- Film poster
- Directed by: Jose Punnoose
- Written by: Gokula Krishnan (dialogues)
- Screenplay by: Raghunath Paleri T. K. Rajeev Kumar
- Produced by: Navodaya (a partnership concern)
- Starring: Suraj Balajee; S. P. Balasubrahmanyam; Tirlok Malik; Pooja Kumar;
- Cinematography: A. B. Kaul
- Visual effects by: V. Srinivas Mohan
- Edited by: N. P. Sathish
- Music by: Sharreth
- Production company: Navodaya (a partnership concern)
- Distributed by: Navodaya (a partnership concern)
- Release date: 10 April 2003;
- Running time: 105 minutes
- Country: India
- Language: Tamil
- Budget: ₹14 crore (US$1.5 million)

= Magic Magic 3D =

2003 film directed by Jose Punnoose

Magic Magic 3D is a 2003 Indian Tamil-language children's fantasy film directed by Jose Punnoose and produced by Navodaya (a partnership concern). The film stars Suraj Balajee, S. P. Balasubrahmanyam, Tirlok Malik and Pooja Kumar. It was dubbed in Malayalam, Telugu and Hindi, with the Hindi dub being titled as Chota Jadugar. It won the National Film Award for Best Special Effects.

== Plot ==
Indrajeet lives with his grandfather Acharya, a magician in Mayapuri. The boy's mother died when he was an infant. Acharya teaches him magic, but never sent him to school for formal education. Indrajeet's father Krishna, who runs a successful Indian channel in the United States, arrives to take his son to the United States and give him education. Indrajeet refuses to leave his grandfather, but is forcibly sent to New York City via a carton.

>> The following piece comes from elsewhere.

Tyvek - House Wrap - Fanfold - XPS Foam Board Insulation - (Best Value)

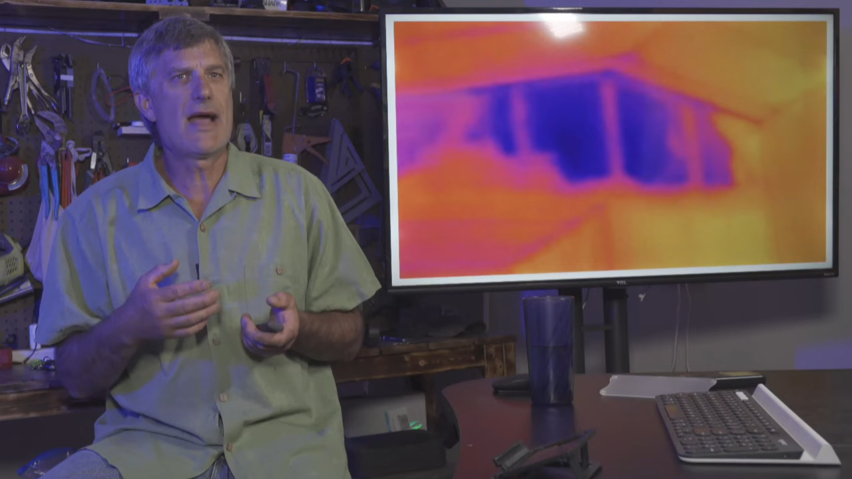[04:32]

Indrajeet awakens in New York City where he has been brought against his will. He meets his stepmother Deepti, but soon runs away and befriends three runaway orphans and a wonder dog who belongs to Mahesh and Lude, two petty thieves. Meanwhile, Acharya comes to New York City in search of his grandson. Indrajeet gets kidnapped by the thieves, but ultimately Acharya, along with the dog, saves his grandson using all his magic tricks.

== Production ==
Magic Magic was the second 3D film made by Navodaya after My Dear Kuttichathan. 70% of Magic Magic was shot in New York City. Filming also took place in Manhattan, and to a lesser extent in India. According to Jose, the film took roughly 140 days to complete. It was made on a budget of ₹14 crore.

== Soundtrack ==
The music was composed by Sharreth and Jagan. Lyrics were written by Pa. Vijay and Na. Muthukumar (Tamil), Girish Puthancherry and Mathew Cherian (Malayalam), Vennelakanti and Bhuvanachandra (Telugu) and Sudhakar Sharma (Hindi).
- Tamil version
- "Kanne Chella" – S. P. Balasubrahmanyam, K. S. Chithra
- "Vanavilil" – Priya
- "Yaar Indha Kuttichathan" – S. P. Balasubrahmanyam, Priya
- "Chandramandalam" – Priya

- Hindi version
- "Taalido" – S. P. Balasubrahmanyam, Chithra
- "Kaun Hai Yeh" – S. P. Balasubrahmanyam, Sunidhi Chauhan
- "Indradhanush" – Sunidhi Chauhan
- "Zoobi Zoobi" – Sunidhi Chauhan

- Malayalam version
- Kanne Chella – K. J. Yesudas
- Aarannu Kuttichathan – S. P. Balasubrahmanyam, Priya
- Kanna Kaattin – Priya
- Ambuli Mama – Priya

== Reception ==
Sify stated that it "is technically tacky, made in a shoddy manner and lacks a basic story line that will not gel with today's children". However, Idlebrain.com said, "Don't forget to take kids along with you. They need to watch this movie more than you!!" The film won the National Film Award for Best Special Effects.